Bottom line. I decided to shut up. No more radio stories.
The next incident was a kind of dark humour. Two months later on a May evening…after dark…our
neighbour Ron Saunders noticed a car parked at the front door to our farm house.
No lights. Activity. Ron alerted his son-in-law Tim and they drove over in two cars.
Was Ron armed with his shotgun. I think he said he was. They blocked the front
of our farm by focusing their headlights on the door. They were not fooling around.
Then our oldest son Kevin came out. Alarmed. He had finished his year at the University of
Toronto and was putting things in storage at the farm. Ron Saunders was first to
laugh. “By Jesus, we thought we had a thief, Kevin.”
This robbery had legs. There was
insurance involved. We had a policy with a local insurance broker
who asked me to list what was taken and suggest a value. Not
easy to do since I had forgotten some things and did not know exactly what was taken.
I walked through the rooms and looked at empty spots where the linoleum
was lighter…not worn. My estimate was $6,000. Best I could do
I asked that the insurance company to send a person over. And we waited.
No one came. So I phoned.
“No person will be coming. Your claim of
$6,000 will be accepted.”
“But what if I am lying…making things.up.”
Unlikely you would do that. Insurance scammers are spotted
but rarely at the $6,000 level.
“When do you send an investigator then?”
“$15,000 dollar claims and up. “ Now that was a big surprise. If I was
an insurance investigator and had a claim come in for $14,999 i would
be suspicious indeed.
WHAT COULD BE DONE WITH $6,000?
The insurance money must be put to good use. We could not buy
back what was lost. But we could do something memorable.

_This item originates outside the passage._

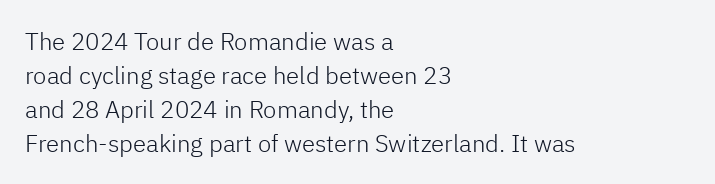
{"italic": "no", "bold": "no", "underline": "no", "align": "left", "line_spacing": "normal", "line_spacing_ratio": 1.41, "letter_spacing": "normal", "letter_spacing_em": 0.0, "glyph_px": 24}

“Marjorie, why don’t we put that money into a trip with Andrew and
Kevin back to England…back to Herefordshire where grandma and
grandpa were born. Back to the Eywood Estate where grandpa
was the head gardener. I think grandma and grandpa wuld like that.
Best thing we could do with the money.
So we did. If I ever met the thief I would shake his hand. Without
him our kids would not really know their roots
P.S, The old pump organ is safely kept. Sadly no one knows
how to play it. It is however a symbol that reminds me often
of that slushy, foggy, March evening when the moon was covered
over and thieves were busy pushing my trailer up to the front door
of our farm house
NEXT EPISODE THE ROBBERY “NEVER BE HOSTAGE TO FORTUNE”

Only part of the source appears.